The steady-state plume length formula $L = v_s/(\lambda R_f)\ln(C_0/C_{\text{threshold}})$ is used in the Monitored Natural Attenuation (MNA) framework to demonstrate that natural biodegradation will prevent plume migration beyond a defined boundary. If the calculated plume length falls short of the nearest receptor (a well or surface water), MNA can be accepted as the remedial strategy. If not, active remediation (pump-and-treat, in-situ treatment) is required.
8. What Could Go Wrong?
Heterogeneity dominates plume behaviour at field scale. The analytical models assume homogeneous aquifer properties. Real aquifers have stratified hydraulic conductivity varying by orders of magnitude over centimetres to metres. High-conductivity zones carry most of the contaminant; low-conductivity zones (silts, clays) act as reservoirs that slowly release back-diffused contaminant after the main plume has passed — creating very long tails that persist long after the source is removed. This matrix diffusion effect is the primary reason why pump-and-treat systems routinely fail to achieve cleanup goals within projected timescales.
Biodegradation is not guaranteed. The first-order decay rate $\lambda$ used in the plume length formula assumes active biodegradation maintained by sufficient electron acceptors (O₂, NO₃⁻, SO₄²⁻, Fe³⁺) and the appropriate microbial community. In aquifers with limited electron acceptor supply, degradation rates can be near zero, and plumes migrate as conservative tracers. Site-specific assessment of biodegradation is required before accepting natural attenuation as a remedy.
DNAPL pooling creates persistent, hard-to-find sources. Dense NAPL sinks through the aquifer until it reaches a low-permeability layer, then pools horizontally. The pool can be very thin (millimetres) and widely spread, making it nearly impossible to locate and remove completely. Even after pump-and-treat removes most of the dissolved plume, the residual DNAPL pool continues to dissolve, recreating the plume. This is the fundamental reason why many chlorinated solvent sites have been under remediation for 20–30 years without achieving cleanup goals.
9. Summary
Groundwater contaminant transport is governed by the advection-dispersion equation with retardation: $R_f\,\partial C/\partial t = D_L\,\partial^2 C/\partial x^2 - v_s\,\partial C/\partial x$. The retardation factor $R_f = 1 + \rho_b K_d/n_e$ slows contaminant transport relative to groundwater in proportion to sorption affinity ($K_d$). Organic compound $K_d$ is estimated from $K_{oc}\times f_{oc}$ — highly hydrophobic compounds are strongly retarded and essentially immobile in organic-carbon-rich aquifers.

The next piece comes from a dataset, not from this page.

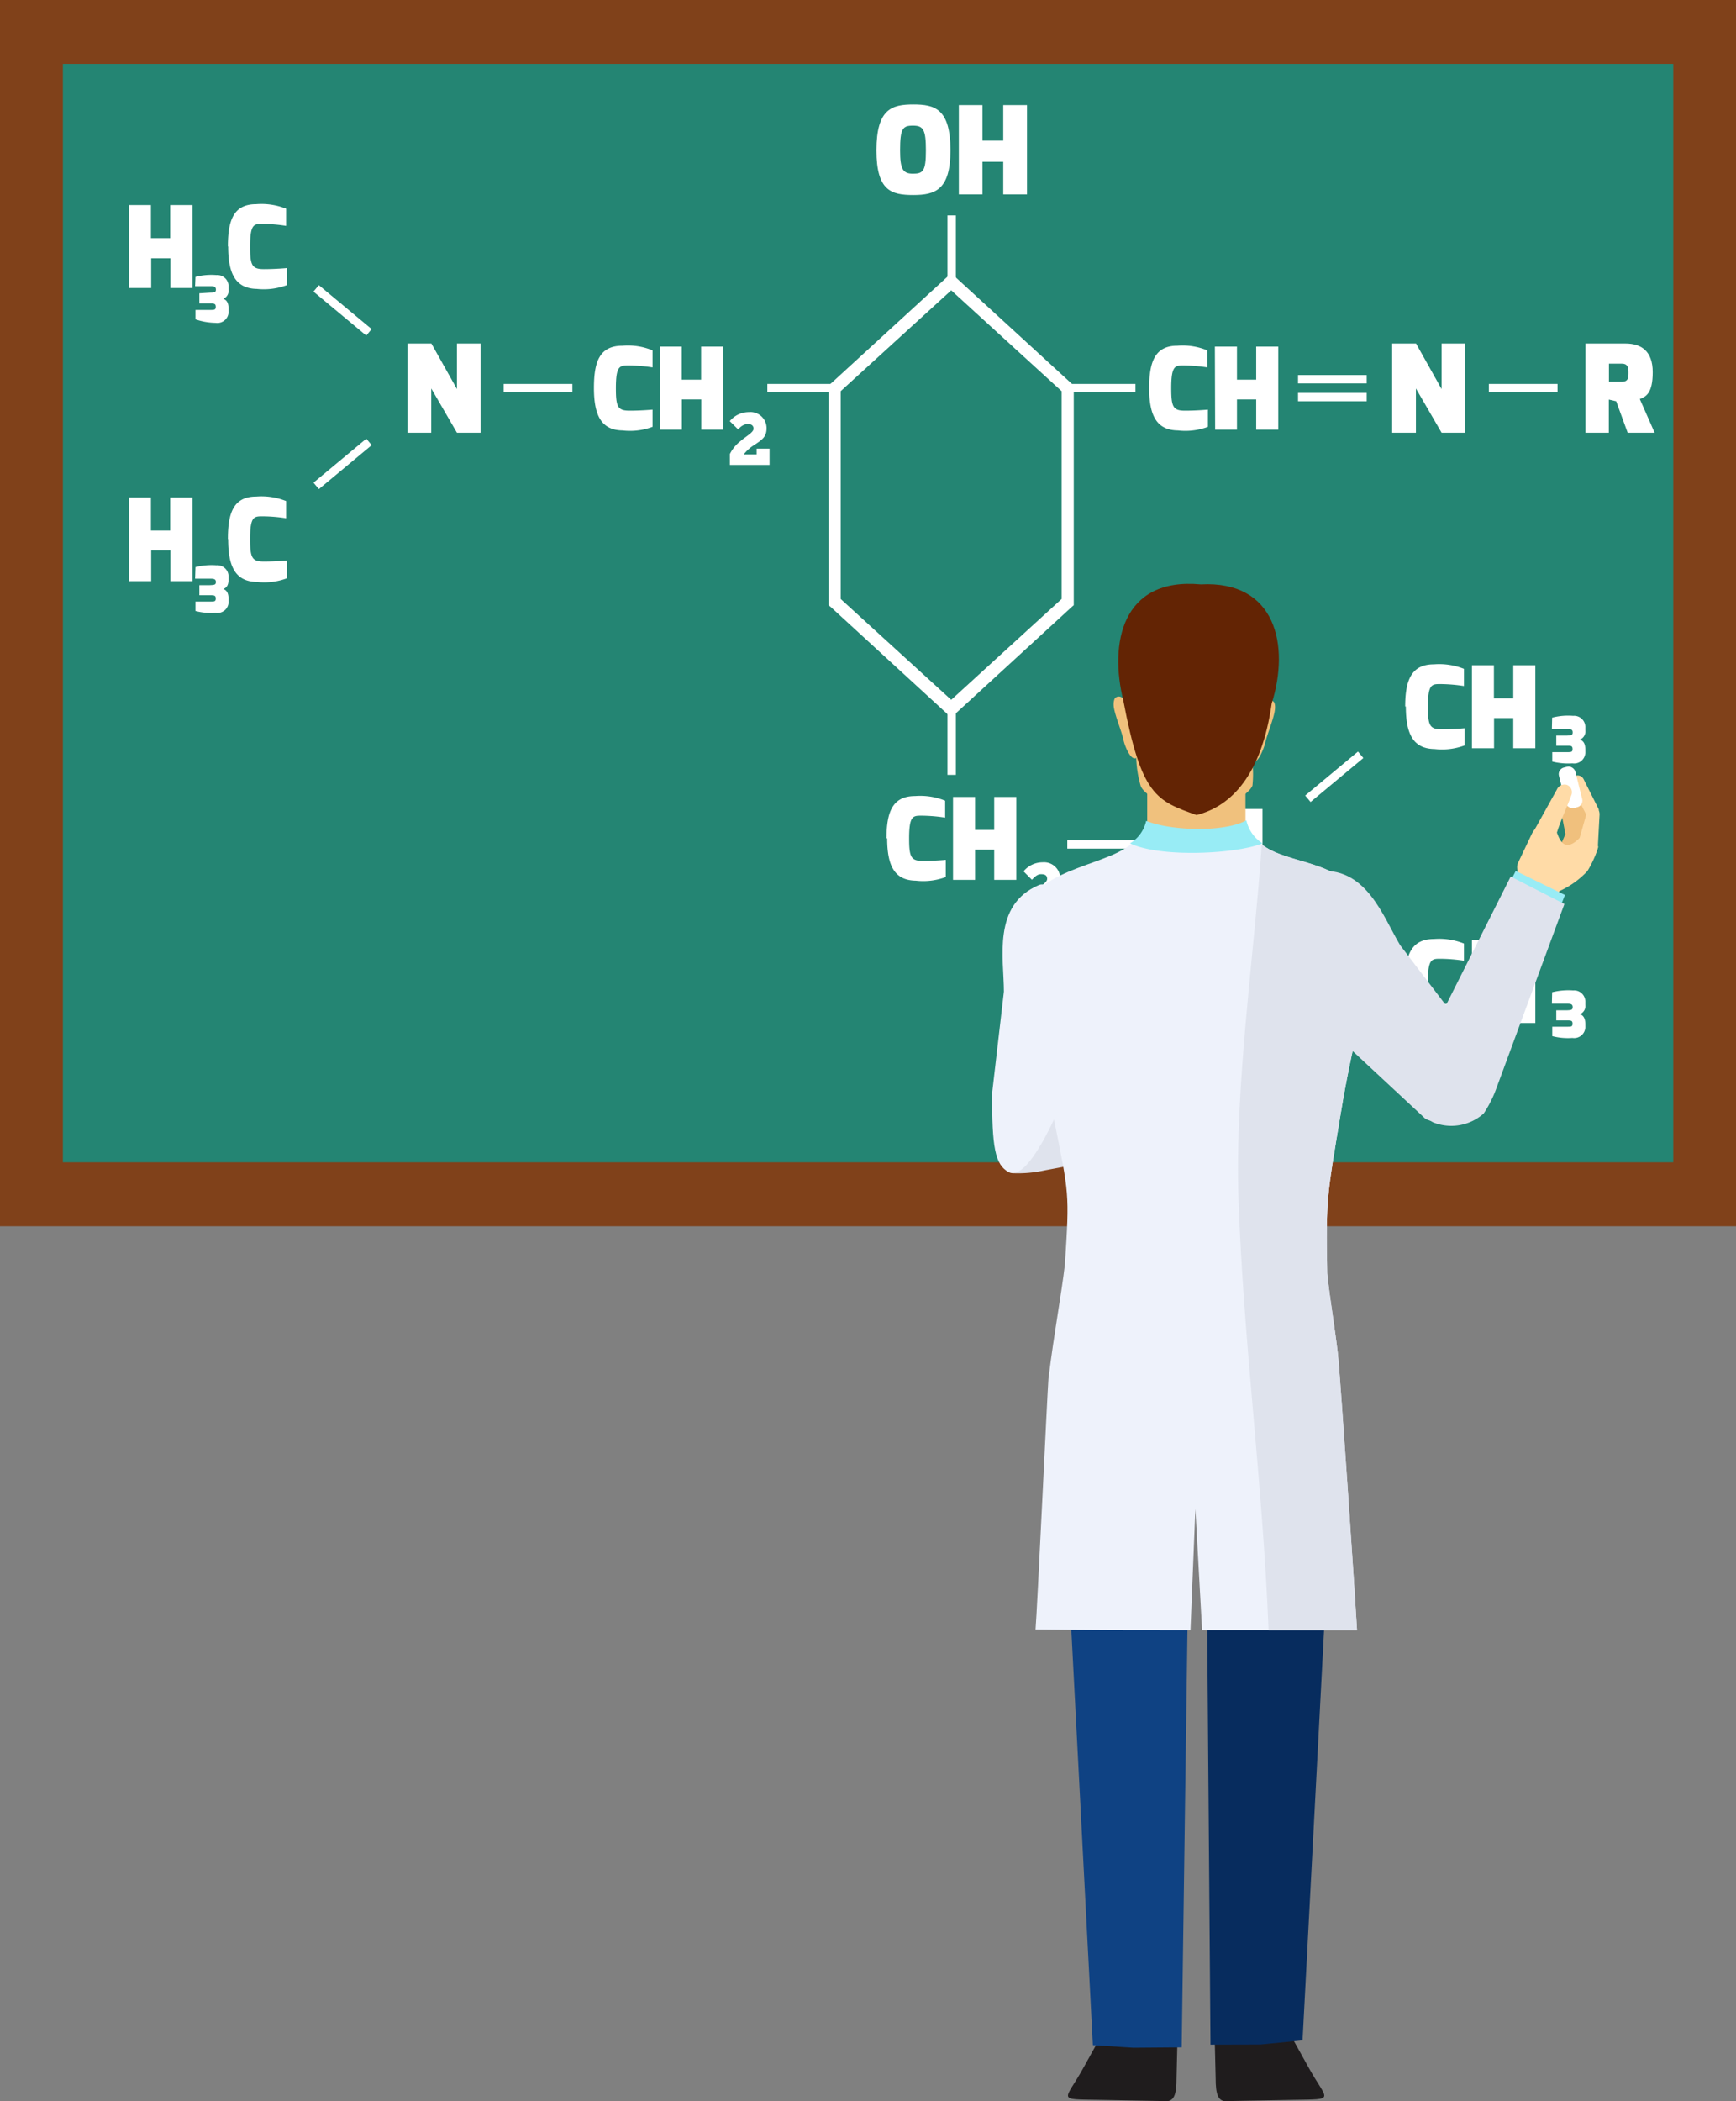<?xml version="1.0" encoding="UTF-8"?> <svg xmlns="http://www.w3.org/2000/svg" viewBox="0 0 134.45 162.7"><rect x="0" y="0" width="134.45" height="162.7" fill="#808080" stroke="none"/> <defs> <style>.cls-1{fill:#80411a;}.cls-2{fill:#248573;}.cls-3,.cls-4{fill:#fff;}.cls-10,.cls-11,.cls-12,.cls-13,.cls-14,.cls-15,.cls-3,.cls-5,.cls-6,.cls-7,.cls-9{fill-rule:evenodd;}.cls-5{fill:#dfe3ed;}.cls-6{fill:#eef2fb;}.cls-7{fill:#1f1c1d;}.cls-8,.cls-9{fill:#f0c17d;}.cls-10{fill:#632404;}.cls-11{fill:#0f4283;}.cls-12{fill:#072c5e;}.cls-13{fill:#f0c07d;}.cls-14{fill:#ffdba7;}.cls-15{fill:#98ecf5;}</style> </defs> <title>Picture 2</title> <g id="Layer_2" data-name="Layer 2"> <g id="Layer_1-2" data-name="Layer 1"> <rect class="cls-1" width="134.45" height="94.95"></rect> <rect class="cls-2" x="4.87" y="4.95" width="124.72" height="85.05"></rect> <path class="cls-3" d="M10,22.3h1.71V20h1.49V22.3h1.71V15.88H13.18v2.56H11.69V15.88H10V22.3Zm7.67-3.22c0,2.16.6,3.26,2.22,3.29a5.11,5.11,0,0,0,2.32-.29V20.76s-.86.08-1.78.08-1.06-.3-1.06-1.75c0-1.79.31-1.75,1-1.75a12.14,12.14,0,0,1,1.79.15V16.16a5.13,5.13,0,0,0-2.32-.35C18.12,15.81,17.65,17,17.65,19.08Z"></path> <path class="cls-3" d="M15.11,22.16h1.14c.26,0,.47,0,.47.26v0c0,.23-.12.23-.47.24l-.81.05v.79l.81,0c.32,0,.46,0,.46.26v0c0,.23-.1.24-.49.24H15.14v.73A5.06,5.06,0,0,0,16.7,25a.87.87,0,0,0,1-.94V23.9c0-.38-.1-.66-.41-.76a.68.68,0,0,0,.41-.73v-.19a.87.87,0,0,0-.94-.92,4.85,4.85,0,0,0-1.62.14Z"></path> <path class="cls-3" d="M10,45h1.71V42.61h1.49V45h1.71V38.52H13.18v2.56H11.69V38.52H10V45Zm7.67-3.23c0,2.16.6,3.26,2.22,3.29a5,5,0,0,0,2.32-.28V43.4s-.86.08-1.78.08-1.06-.3-1.06-1.74c0-1.79.31-1.76,1-1.76a12.14,12.14,0,0,1,1.79.15V38.8a5.13,5.13,0,0,0-2.32-.35C18.12,38.45,17.65,39.66,17.65,41.72Z"></path> <path class="cls-3" d="M15.11,44.81h1.14c.26,0,.47,0,.47.25v0c0,.23-.12.23-.47.25l-.81,0v.78l.81,0c.32,0,.46,0,.46.25v0c0,.24-.1.24-.49.24H15.14v.73a4.77,4.77,0,0,0,1.56.14.86.86,0,0,0,1-.93v-.15c0-.37-.1-.66-.41-.76.3-.11.41-.36.41-.73v-.19a.87.87,0,0,0-.94-.92,5.13,5.13,0,0,0-1.62.14Z"></path> <polygon class="cls-3" points="31.56 33.51 33.4 33.51 33.4 30.08 35.39 33.51 37.22 33.51 37.22 26.6 35.39 26.6 35.39 30.13 33.41 26.6 31.56 26.6 31.56 33.51"></polygon> <path class="cls-3" d="M46,30.05c0,2.16.6,3.26,2.22,3.28a5,5,0,0,0,2.32-.28V31.72s-.86.08-1.78.08-1.06-.3-1.06-1.74c0-1.79.31-1.76,1.05-1.76a12.14,12.14,0,0,1,1.79.15V27.13a5,5,0,0,0-2.32-.36C46.43,26.77,46,28,46,30.05Zm5.11,3.22h1.7V30.93h1.5v2.34H56V26.84h-1.7V29.4h-1.5V26.84h-1.7Z"></path> <path class="cls-3" d="M57.18,33.26a1,1,0,0,1,.7-.43c.26,0,.48.08.48.37s-.61.6-1,.95a2.9,2.9,0,0,0-.83,1V36h3.07V34.74h-1v.45h-1a3.06,3.06,0,0,1,.86-.76c.6-.4.91-.62.91-1.28A1.25,1.25,0,0,0,58,31.91a1.92,1.92,0,0,0-1.48.7Z"></path> <rect class="cls-4" x="59.43" y="29.73" width="5.32" height="0.65"></rect> <path class="cls-3" d="M74,21.46l9,8.25.16.15v17l-.16.14-9,8.26-.33.3-.33-.3-9-8.26-.17-.14v-17l.17-.15,9-8.25.33-.3.33.3Zm8.22,8.83-8.55-7.81-8.56,7.81V46.38l8.56,7.81,8.55-7.81Z"></path> <rect class="cls-4" x="26.2" y="21.37" width="0.65" height="5.32" transform="translate(-8.91 29.04) rotate(-50.22)"></rect> <rect class="cls-4" x="23.87" y="35.6" width="5.32" height="0.65" transform="translate(-16.84 25.28) rotate(-39.77)"></rect> <rect class="cls-4" x="39.01" y="29.73" width="5.32" height="0.65"></rect> <rect class="cls-4" x="82.62" y="29.73" width="5.32" height="0.65"></rect> <rect class="cls-4" x="73.38" y="16.68" width="0.65" height="5.32"></rect> <path class="cls-3" d="M67.88,11.64c0,3.15,1.16,3.46,2.86,3.46s2.87-.4,2.87-3.46c0-3.24-1.23-3.55-2.87-3.55s-2.86.31-2.86,3.55Zm1.83,0c0-1.69.2-1.91,1-1.91s1,.31,1,1.91-.21,1.81-1,1.81-1-.36-1-1.81Zm4.55,3.41h1.83V12.53H77.7v2.52h1.84V8.14H77.7v2.75H76.09V8.14H74.26Z"></path> <rect class="cls-4" x="73.38" y="54.68" width="0.65" height="5.32"></rect> <path class="cls-3" d="M68.71,64.91c0,2.16.59,3.26,2.22,3.28a5,5,0,0,0,2.32-.28V66.58s-.86.08-1.78.08-1.06-.3-1.06-1.74c0-1.79.31-1.76,1-1.76a12.51,12.51,0,0,1,1.79.15V62a5.11,5.11,0,0,0-2.32-.36c-1.75,0-2.22,1.22-2.22,3.28Zm5.1,3.22h1.71V65.79H77v2.34h1.71V61.71H77v2.55H75.52V61.71H73.81Z"></path> <path class="cls-3" d="M79.92,68.12c.18-.18.4-.43.7-.43s.48.08.48.37-.6.6-1,1a3.15,3.15,0,0,0-.84,1v.83h3.08V69.6h-1v.45h-1a3.16,3.16,0,0,1,.85-.76c.61-.39.92-.62.92-1.28a1.25,1.25,0,0,0-1.36-1.24,1.92,1.92,0,0,0-1.48.7Z"></path> <path class="cls-3" d="M89,30.05c0,2.16.6,3.26,2.23,3.28a5,5,0,0,0,2.32-.28V31.72s-.86.08-1.78.08-1.06-.3-1.06-1.74c0-1.79.31-1.76,1-1.76a12.51,12.51,0,0,1,1.79.15V27.13a5,5,0,0,0-2.32-.36C89.46,26.77,89,28,89,30.05Zm5.11,3.22H95.8V30.93h1.49v2.34H99V26.84H97.29V29.4H95.8V26.84H94.09Z"></path> <rect class="cls-4" x="100.53" y="30.42" width="5.32" height="0.65"></rect> <rect class="cls-4" x="100.53" y="29.04" width="5.32" height="0.65"></rect> <polygon class="cls-3" points="107.82 33.51 109.66 33.51 109.66 30.08 111.65 33.51 113.48 33.51 113.48 26.6 111.65 26.6 111.65 30.13 109.67 26.6 107.82 26.6 107.82 33.51"></polygon> <rect class="cls-4" x="115.31" y="29.73" width="5.32" height="0.65"></rect> <path class="cls-3" d="M122.77,33.51h1.83V30.94l.57.13.89,2.44h2.09L127,30.9c.48-.19,1-.44,1-2.08s-.89-2.22-2.12-2.22h-3.09v6.91Zm1.84-3.95v-1.4h1c.42,0,.51.25.51.66s0,.74-.51.74Z"></path> <rect class="cls-4" x="82.66" y="65.06" width="5.32" height="0.65"></rect> <polygon class="cls-3" points="92.12 69.55 93.96 69.55 93.96 66.12 95.95 69.55 97.78 69.55 97.78 62.64 95.95 62.64 95.95 66.17 93.97 62.64 92.12 62.64 92.12 69.55"></polygon> <path class="cls-3" d="M108.88,54.71c0,2.17.6,3.27,2.23,3.29a5,5,0,0,0,2.32-.28V56.39s-.86.08-1.78.08-1.06-.3-1.06-1.74c0-1.79.31-1.76,1-1.76a12.51,12.51,0,0,1,1.79.15V51.79a5.18,5.18,0,0,0-2.32-.35c-1.75,0-2.23,1.22-2.23,3.27ZM114,57.94h1.71V55.6h1.49v2.34h1.71V51.51h-1.71v2.56H115.7V51.51H114Z"></path> <path class="cls-3" d="M120.19,56.45h1.15c.26,0,.46,0,.46.26v0c0,.23-.12.23-.46.25l-.81,0v.78l.81,0c.32,0,.45,0,.45.26v0c0,.24-.09.24-.48.24h-1.09v.73a5.12,5.12,0,0,0,1.56.14.87.87,0,0,0,1-.93v-.15c0-.38-.11-.66-.42-.76a.68.68,0,0,0,.42-.73v-.19a.87.87,0,0,0-.94-.92,4.94,4.94,0,0,0-1.63.14Z"></path> <rect class="cls-4" x="100.68" y="59.83" width="5.32" height="0.65" transform="translate(-14.57 80.04) rotate(-39.78)"></rect> <rect class="cls-4" x="103.02" y="69.38" width="0.65" height="5.32" transform="translate(-18.15 105.37) rotate(-50.22)"></rect> <path class="cls-3" d="M108.88,76c0,2.17.6,3.27,2.23,3.29a5,5,0,0,0,2.32-.28V77.66s-.86.08-1.78.08-1.06-.3-1.06-1.74c0-1.79.31-1.76,1-1.76a12.51,12.51,0,0,1,1.79.15V73.06a5.18,5.18,0,0,0-2.32-.35c-1.75,0-2.23,1.22-2.23,3.27ZM114,79.21h1.71V76.87h1.49v2.34h1.71V72.78h-1.71v2.56H115.7V72.78H114Z"></path> <path class="cls-3" d="M120.19,77.72h1.15c.26,0,.46,0,.46.26v0c0,.23-.12.23-.46.25l-.81,0v.78l.81,0c.32,0,.45,0,.45.25v0c0,.24-.09.24-.48.24h-1.09v.73a4.83,4.83,0,0,0,1.56.14.87.87,0,0,0,1-.93v-.15c0-.37-.11-.66-.42-.76a.68.68,0,0,0,.42-.73v-.19a.87.87,0,0,0-.94-.92,5.22,5.22,0,0,0-1.63.14Z"></path> <path class="cls-5" d="M80.93,90.62l16-3L96.08,83,81,84.14a9.29,9.29,0,0,0-2.17.44,3.78,3.78,0,0,0-1.75,3.59,4.56,4.56,0,0,0,1.33,2.67A9.57,9.57,0,0,0,80.93,90.62Z"></path> <path class="cls-6" d="M83,83.19c0,.44-3.09,8.54-4.88,7.57-1.06-.57-1.3-1.93-1.28-6.13l.91-7.85c0-2.56-.92-6.71,2.71-8.25,1.57-.67,5,6.07,6.6,6.72Z"></path> <path class="cls-7" d="M94.08,158l.07,2.9c0,1.3.18,1.91,1,1.79l5-.09c3.35-.06,2.66.12,1.22-2.47l-1.47-2.65Z"></path> <path class="cls-7" d="M91.19,158l-.07,2.9c0,1.3-.18,1.91-1,1.79l-5-.09c-3.35-.06-2.65.12-1.22-2.47l1.47-2.65Z"></path> <rect class="cls-8" x="88.85" y="60.62" width="7.61" height="6.32"></rect> <path class="cls-9" d="M92.75,63.63h-.07a3.72,3.72,0,0,1-1.6-.19c-.41-.17-.61-.58-1.17-1.12s-1.35-.94-1.56-1.45A8.5,8.5,0,0,1,88,58.69c-.44.25-.92-1-1-1.45-.14-.62-.58-1.67-.72-2.38-.08-.4,0-.73.1-.83.29-.21.59-.09,1,.49,0-.5.06-1,0-1.56a14,14,0,0,1,.06-2.58,3.07,3.07,0,0,1,1-1.86h0a5,5,0,0,1,1.11-.74h0l.08,0,0,0,.07,0,.06,0a.11.11,0,0,1,.07,0l.06,0,.08,0,0,0,.12,0h0a7.2,7.2,0,0,1,3.45-.33,5.83,5.83,0,0,1,3,1.34,3.07,3.07,0,0,1,1,1.85,13.12,13.12,0,0,1,.07,2.58c0,.55,0,1.06,0,1.57.43-.58.72-.69,1-.48.14.1.18.43.1.83-.14.71-.58,1.76-.72,2.38-.1.42-.57,1.67-1,1.46A8.36,8.36,0,0,1,97,60.83c-.21.51-1.07,1-1.55,1.45s-.76,1-1.17,1.14A3.64,3.64,0,0,1,92.75,63.63Z"></path> <path class="cls-10" d="M87,54.25c-1.09-4.39-.15-9.57,6-9,5.78-.31,6.92,4.67,5.49,9.23-.78,5.49-3.09,7.94-5.82,8.63C89.54,62,88.4,61.6,87,54.25Z"></path> <polygon class="cls-11" points="92.15 112.92 91.52 158.53 87.77 158.56 84.64 158.36 82.13 109.95 83.52 98 92.61 96.71 92.61 112.71 92.15 112.92"></polygon> <polygon class="cls-12" points="97.61 158.31 100.88 157.99 103.4 109.95 102.02 98 92.93 96.71 92.93 96.78 92.72 96.75 92.81 112.73 93.39 112.92 93.75 158.32 97.61 158.31"></polygon> <path class="cls-6" d="M103.79,86.5c-1,6.07-1.11,6.27-1,12.1.21,2,.58,4.11.82,6.17.19,1.61,1.41,19.88,1.49,21.46l-12,0-.52-9.39-.38,9.39c-4,0-8,0-12-.06.11-1.09.92-18.47,1-19.41.47-3.78,1-6.47,1.28-8.89.35-5.58.32-5.35-.85-11.19-.43-2.21-4.31-12.21-2.55-16.07C80.73,67,86,67.07,87.89,65.1c1.15.63,8.37.63,9.52,0,1.93,2,6.47,1.23,8.09,4.8C107.26,73.76,105.18,77.78,103.79,86.5Z"></path> <path class="cls-5" d="M103.79,86.5c-1,6.07-1.11,6.27-1,12.1.21,2,.58,4.11.82,6.17.19,1.61,1.41,19.88,1.49,21.46H98.25c-.47-11.64-1.94-22.13-2.33-33.39-.3-8.8,1.24-19.09,1.8-27.45C99.79,67,104,66.51,105.5,69.9,107.26,73.76,105.18,77.78,103.79,86.5Z"></path> <path class="cls-5" d="M110.32,86.56c.26.36,3.23.89,4.27-.85.62-1,.81-2.63-1.36-6.24l-4.79-6.28c-1.33-2.2-2.64-6.24-6.55-5.71-1.69.23-1.17,7.76-2.24,9.15Z"></path> <path class="cls-13" d="M123.4,63.42l-.12,2.32c0,.22-3,1.09-2.62.18l.58-1.34-.41-2.11a4.08,4.08,0,0,1,.88-1.67h0a.44.44,0,0,1,.59.19A9.75,9.75,0,0,1,123.4,63.42Z"></path> <path class="cls-14" d="M122.65,60.34l1.17,2.33a.25.25,0,0,1,0,.07.84.84,0,0,1,.06.39l-.13,2.43a4,4,0,0,1-.31.86c-.12.19-.14-.22-.31-.28-.47-.16-1.23.3-.89-.91l.61-2.15-1.15-2.28A.51.51,0,0,1,122.65,60.34Z"></path> <path class="cls-14" d="M119.56,63.87l.94.46c.15.07.4,2,1.82.57.24-.24,1.56.39,1.45.72a8,8,0,0,1-.83,1.83A6.74,6.74,0,0,1,120.77,69l-1.2,2.8-2-1.6.15-1.93c0-.34-.37-1-.15-1.46l1.07-2.25C118.82,64.21,119.25,63.72,119.56,63.87Z"></path> <path class="cls-15" d="M96.53,63.52a2.79,2.79,0,0,0,1.25,1.78c-2,.83-7.94,1.13-10.26,0a2.71,2.71,0,0,0,1.25-1.74C90.61,64.32,94.79,64.48,96.53,63.52Z"></path> <polygon class="cls-15" points="120.92 70.03 121.2 69.3 117.39 67.44 116.83 68.54 120.92 70.03"></polygon> <path class="cls-5" d="M109.67,82.44,117,67.87,121.16,70l-5.25,14.22a9.15,9.15,0,0,1-1,2,3.77,3.77,0,0,1-3.93.68A3.29,3.29,0,0,1,109.67,82.44Z"></path> <rect class="cls-4" x="120.98" y="59.35" width="1.31" height="3.23" rx="0.52" transform="translate(-11.15 31.31) rotate(-14.03)"></rect> <path class="cls-14" d="M121.34,60.77h0a.61.61,0,0,1,.37.77c-.36,1-.89,2.08-1.19,3.13l-.24,1a.58.58,0,0,1-.77.37h0c-.31-.11-.24-.46-.37-.77l-.37-.88,1.8-3.24A.65.65,0,0,1,121.34,60.77Z"></path> </g> </g> </svg>

NAPL source zones dissolve into groundwater at concentrations up to the effective solubility, sustaining dissolved-phase plumes for decades. Plume steady-state length is $L = v_s/(\lambda R_f)\ln(C_0/C_{\text{MCL}})$ — longer for faster groundwater, weaker biodegradation, and lower retardation. Monitoring network design targets the plume boundary using transverse dispersion estimates to determine well spacing.
Key equations:
\[v_s = q/n_e = Ki/(n_e)\] \[R_f = 1 + \rho_b K_d / n_e, \quad K_d = K_{oc} \times f_{oc}\] \[L_{\text{plume}} = \frac{v_s}{\lambda R_f}\ln\!\left(\frac{C_0}{C_{\text{threshold}}}\right)\] \[\sigma_y = \sqrt{2\alpha_T x}, \quad \sigma_z = \sqrt{2\alpha_{TV}x}\]Math Refresher
Darcy’s law as a linear flux-gradient relationship. Darcy’s law $q = -K\,dh/dx$ says flow is proportional to the hydraulic head gradient — water flows from high head to low head, proportionally to the slope of the potentiometric surface, at a rate governed by the hydraulic conductivity $K$. This has exactly the same mathematical form as Fourier’s law of heat conduction ($q_h = -\kappa\,dT/dx$) and Fick’s first law of diffusion ($J = -D\,dC/dx$). These are all gradient-flux laws — a unified mathematical principle governing transport in continua.
The complementary error function (erfc). The step-input ADE solution involves $\text{erfc}(z) = 1 - \text{erf}(z) = (2/\sqrt\pi)\int_z^\infty e^{-u^2}du$. It ranges from 2 at $z = -\infty$ to 0 at $z = +\infty$, passing through 1 at $z = 0$. At $z = 0$ (exactly at the advective front): $C/C_0 = 0.5$. At $z \gg 0$ (far ahead of the front): $C/C_0 \approx 0$. At $z \ll 0$ (far behind the front): $C/C_0 \approx 1$. The erfc gives the sigmoid-shaped breakthrough curve that characterises contaminant arrival at a monitoring well.